ORPO (Odds Ratio Preference Optimization) combines SFT and
preference alignment in a single training step. Instead of:
  Stage 1: SFT at lr=2e-5 (learn the behavior)
  Stage 2: DPO at lr=5e-7 (learn the boundary)

ORPO does:
  Single stage: SFT + minor penalty for rejected response

The "minor penalty" implements the bypass mechanism: doesn't remove
the capability, just makes it slightly disfavored. Preserves
judgment while shifting the default.

For our system:
- Dream loop generates triplets: context + preferred + rejected
- ORPO trains on all three in one step
- One learning rate (probably ~1e-5, between SFT and DPO)
- LLaMA-Factory supports ORPO natively

This might be the optimal training approach:
- Simpler than staged SFT → DPO
- Teaches both the behavior AND the boundary simultaneously
- The minor penalty prevents over-training / sycophancy
- Compatible with Apollo (just a different loss function)

## The Loss Landscape Geometry

SFT: pushes toward a TARGET (valley in loss surface)
  → strong gradient, clear direction, lr=2e-5 is fine

DPO: enforces a COMPARISON (ridge between valleys)
  → fragile gradient, narrow path, needs lr=5e-7

ORPO: SFT valley + minor preference ridge
  → moderate gradient, wider path, lr~1e-5 works

The geometry explains the 40× lr difference between SFT and DPO.
ORPO sits in between because it combines both geometries.

For behavioral training, ORPO is ideal:
- The SFT component teaches "produce good responses"
- The preference component teaches "this response is better"
- The minor penalty prevents over-optimization
- Single pass, coherent integration

## On-Policy vs Off-Policy Rejected Examples

Guo et al. (2024): "clear advantage of online methods over offline
methods" for preference optimization. On-policy data (model generates
its own rejected outputs) is better training signal than off-policy
(pre-collected from other models).

Our temperature sweep IS on-policy generation:
- The model generates its own rejected examples at various temperatures
- These are from the model's ACTUAL distribution, not synthetic
- The preference signal is: "your own default (t=0.1) is worse than
  your own exploration (t=0.8) or the target response"

This is why the temperature sweep works better than scripting
rejected examples: the rejections come from the model itself, so
the gradient tells the model exactly what to change about ITS OWN
behavior, not some hypothetical other model's behavior.

## DPO Failure Mode: Preferred Likelihood Reduction

Smaug (Pal et al., 2024) found standard DPO can reduce the
likelihood of PREFERRED examples, not just rejected ones.
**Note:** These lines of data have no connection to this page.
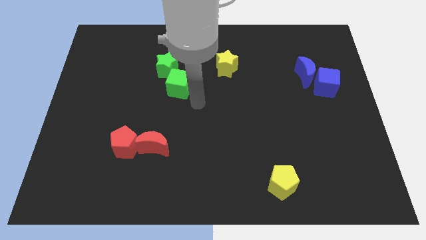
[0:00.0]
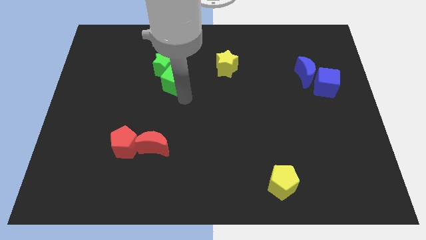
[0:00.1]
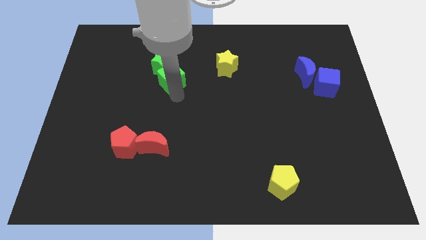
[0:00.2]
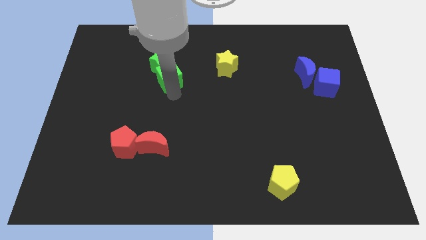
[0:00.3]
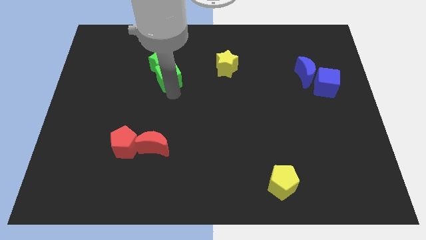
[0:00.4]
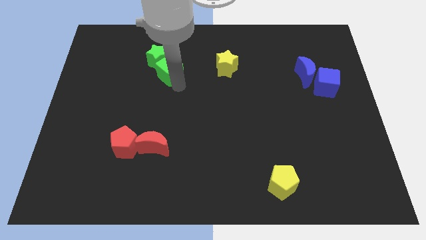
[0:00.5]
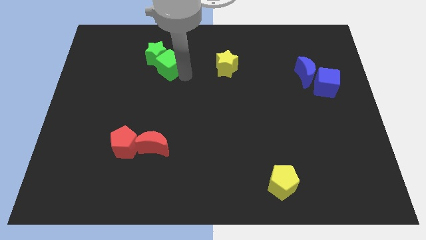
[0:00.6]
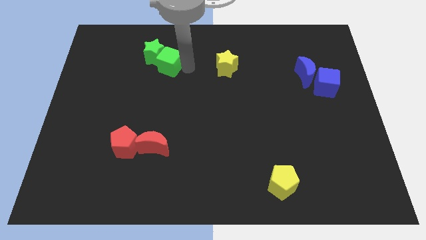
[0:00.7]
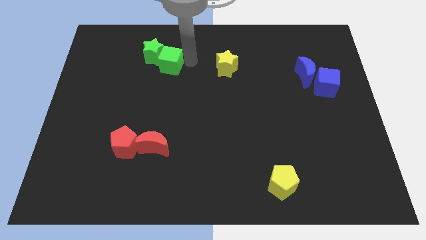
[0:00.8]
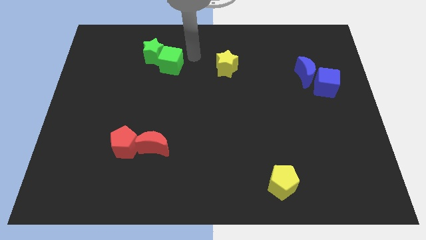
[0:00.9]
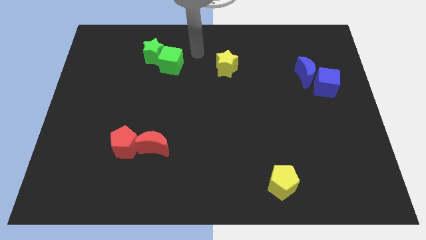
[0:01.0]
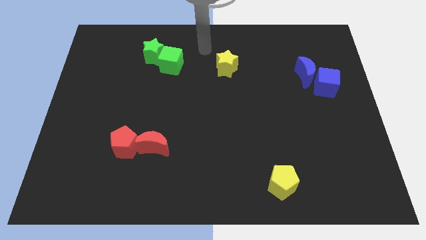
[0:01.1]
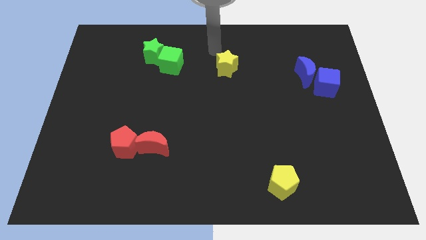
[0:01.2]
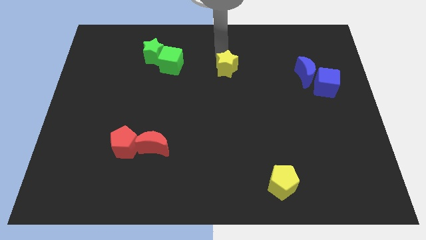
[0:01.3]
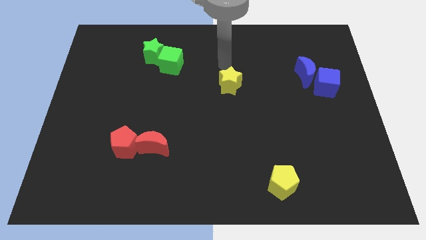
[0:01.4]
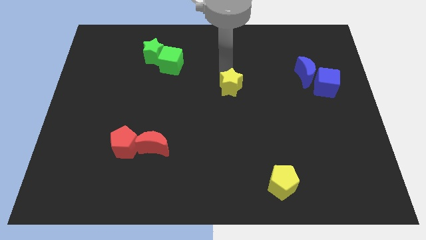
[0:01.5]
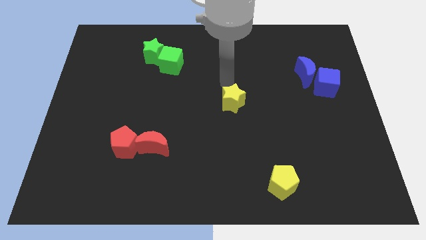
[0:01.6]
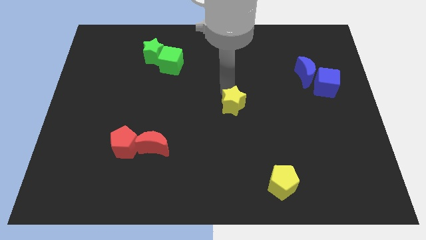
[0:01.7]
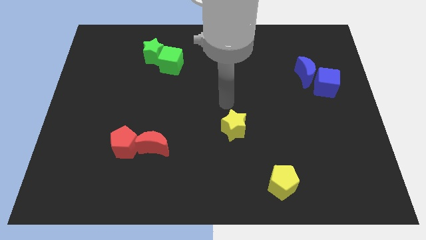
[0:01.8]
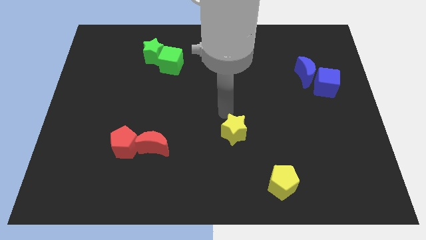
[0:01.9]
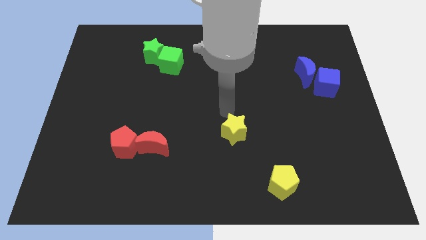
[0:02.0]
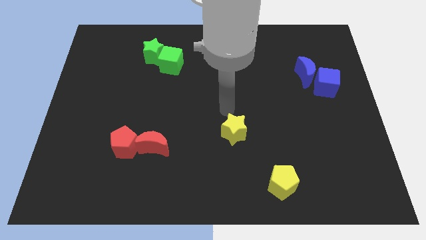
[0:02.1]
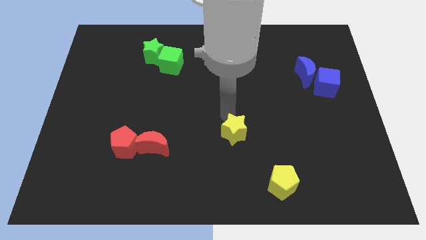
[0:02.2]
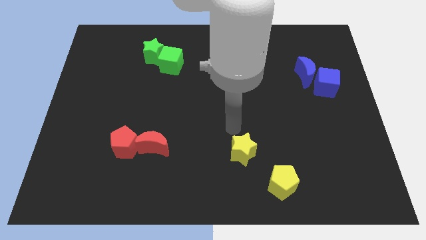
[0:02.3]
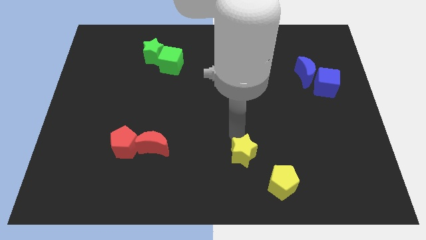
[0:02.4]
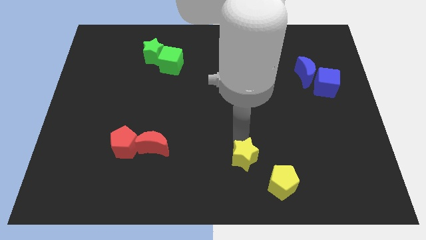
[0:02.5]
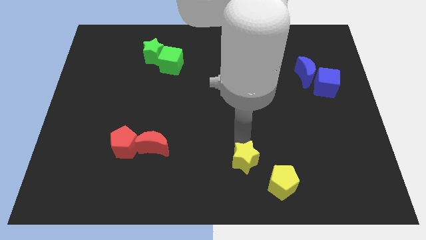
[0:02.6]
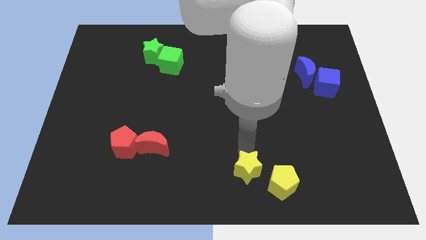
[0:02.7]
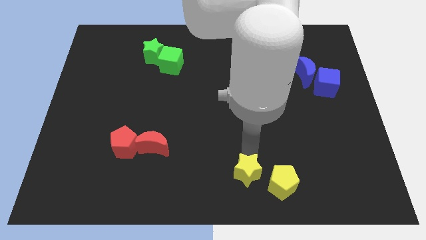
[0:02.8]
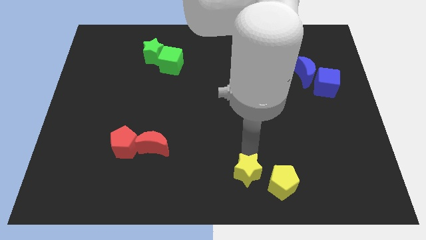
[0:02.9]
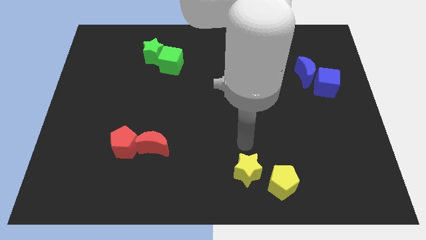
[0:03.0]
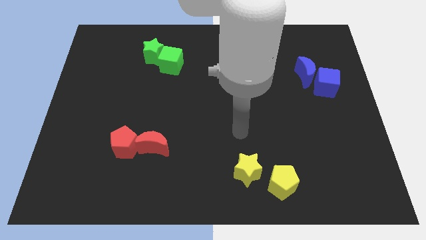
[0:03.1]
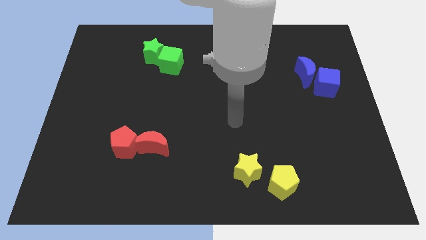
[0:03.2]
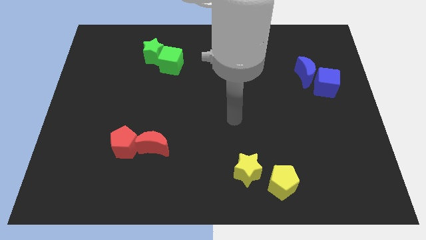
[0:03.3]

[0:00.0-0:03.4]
place yellow star near to yellow pentagon

Both
get pushed down. DPOP adds a positive term to fix this.

For our system: monitor preferred response likelihood during
training. If it's DECREASING, the DPO/ORPO loss is misbehaving.
Switch to DPOP loss or increase the SFT component of ORPO.
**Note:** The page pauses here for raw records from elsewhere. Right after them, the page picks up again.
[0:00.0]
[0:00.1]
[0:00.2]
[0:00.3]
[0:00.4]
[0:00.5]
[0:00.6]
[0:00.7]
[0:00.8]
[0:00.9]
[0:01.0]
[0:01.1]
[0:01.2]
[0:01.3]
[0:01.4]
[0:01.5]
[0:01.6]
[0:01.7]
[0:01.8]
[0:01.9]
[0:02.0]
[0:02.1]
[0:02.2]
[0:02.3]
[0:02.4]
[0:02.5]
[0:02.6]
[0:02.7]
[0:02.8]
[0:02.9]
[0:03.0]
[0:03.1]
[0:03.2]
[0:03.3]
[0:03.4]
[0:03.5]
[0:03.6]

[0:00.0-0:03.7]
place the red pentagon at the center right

## Multiple DPO Variants Exist

The field is actively iterating:
- DPO: basic preference optimization
- DPOP: fixes preferred likelihood reduction
- ORPO: combines SFT + preference in one loss
- Iterative DPO: adds NLL term, iterates
- Online DPO: on-policy generation between iterations

We should start with ORPO (simplest, combines SFT + preference)
and only switch to a more complex variant if we observe specific
failure modes (preferred likelihood reduction, sycophancy, etc.).